The claim that AI is advancing too rapidly has become a common justification for regulation. Yet rushing to regulate risks stifles innovation and entrenches bad policy. In fast-moving markets, patience is a strength; let real harms emerge before intervening, and let businesses answer to consumers, not bureaucrats.

We’ve seen this approach work before. In the landmark 1984 Sony Corp. v. Universal City Studios case (known as the Betamax case), the U.S. Supreme Court ruled that a technology should not be banned just because it could be misused. That decision enabled the VCR to flourish and paved the way for the home entertainment revolution. A decade later, the same principle was applied in the 1990s, when the Clinton administration chose to allow the internet to thrive in an unregulated, free-market environment, triggering one of the most significant innovation booms in history.

The results speak for themselves. According to the Boston Consulting Group, the U.S consistently dominates global innovation rankings. In 2013, seven of the top ten most innovative companies were American; by 2023, 16 of the top 25—including Amazon, Apple, Microsoft, and SpaceX—were based in the U.S. Meanwhile, Europe’s presence in the rankings has steadily declined or ceased to exist, a casualty of overregulation and risk aversion.

This divergence is no accident—it reflects two fundamentally different competing visions. One champions the freedom to create; the other demands permission to innovate. While calls to adopt Europe’s more cautious regulatory model may stem from good intentions—such as ensuring safety and oversight—they risk undermining the very conditions that enabled the U.S. to become a global innovation leader.
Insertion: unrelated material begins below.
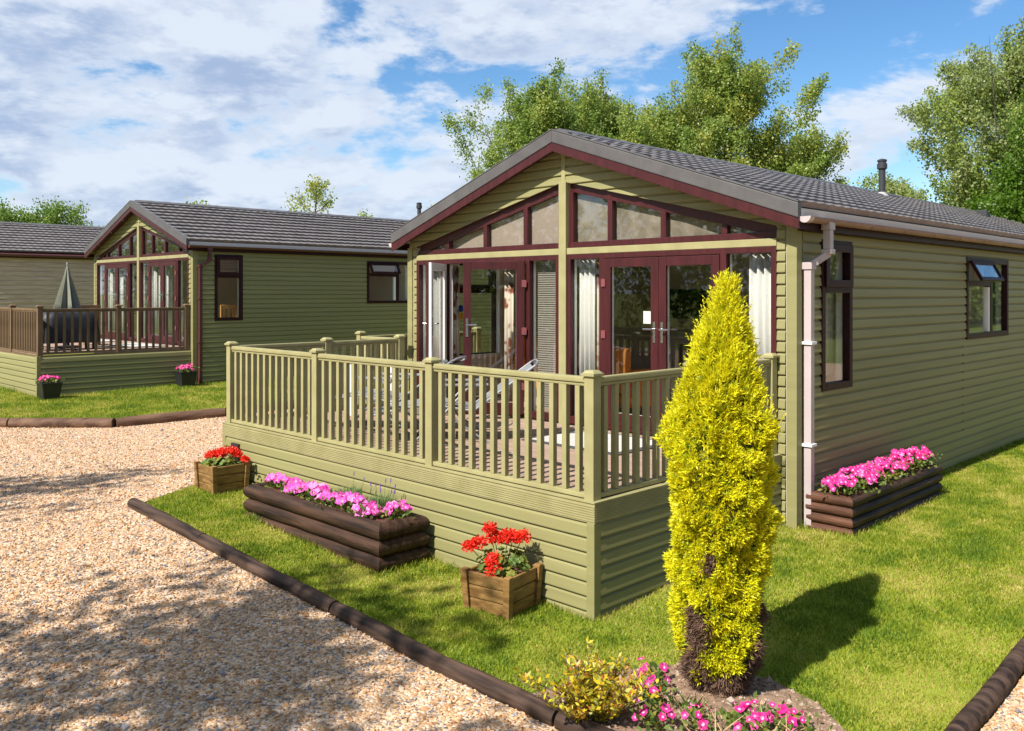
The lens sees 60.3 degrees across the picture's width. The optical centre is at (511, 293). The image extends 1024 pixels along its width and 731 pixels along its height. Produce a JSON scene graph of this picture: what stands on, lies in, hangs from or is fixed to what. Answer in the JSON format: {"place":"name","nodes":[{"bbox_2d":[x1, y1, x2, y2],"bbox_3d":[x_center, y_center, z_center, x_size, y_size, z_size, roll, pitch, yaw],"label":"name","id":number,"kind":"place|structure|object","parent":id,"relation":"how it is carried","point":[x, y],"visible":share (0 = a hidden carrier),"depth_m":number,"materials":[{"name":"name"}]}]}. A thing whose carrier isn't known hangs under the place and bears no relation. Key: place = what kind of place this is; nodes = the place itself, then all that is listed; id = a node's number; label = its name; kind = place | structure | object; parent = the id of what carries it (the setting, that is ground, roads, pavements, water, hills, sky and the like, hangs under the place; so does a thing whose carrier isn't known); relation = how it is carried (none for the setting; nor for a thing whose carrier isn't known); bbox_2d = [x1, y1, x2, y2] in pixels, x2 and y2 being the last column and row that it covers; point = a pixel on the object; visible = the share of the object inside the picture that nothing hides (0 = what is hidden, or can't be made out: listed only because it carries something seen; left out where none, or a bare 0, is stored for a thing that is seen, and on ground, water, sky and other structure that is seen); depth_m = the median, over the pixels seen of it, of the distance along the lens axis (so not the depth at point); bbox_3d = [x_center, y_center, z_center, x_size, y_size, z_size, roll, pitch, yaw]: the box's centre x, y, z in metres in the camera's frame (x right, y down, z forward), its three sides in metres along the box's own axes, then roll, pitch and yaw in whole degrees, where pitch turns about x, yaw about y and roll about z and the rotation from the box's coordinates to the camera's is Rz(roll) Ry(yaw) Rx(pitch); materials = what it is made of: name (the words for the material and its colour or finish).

AI does not require a new regulatory philosophy—only a recommitment to one that already works. For decades, the United States has led by allowing innovation to move forward while holding actors accountable for real harm. Replacing that model with precautionary mandates would not make AI safer; it would make America less competitive. To remain a global innovation leader, policymakers must resist fear-driven regulation and preserve the freedom that has long fueled America’s technological advancement.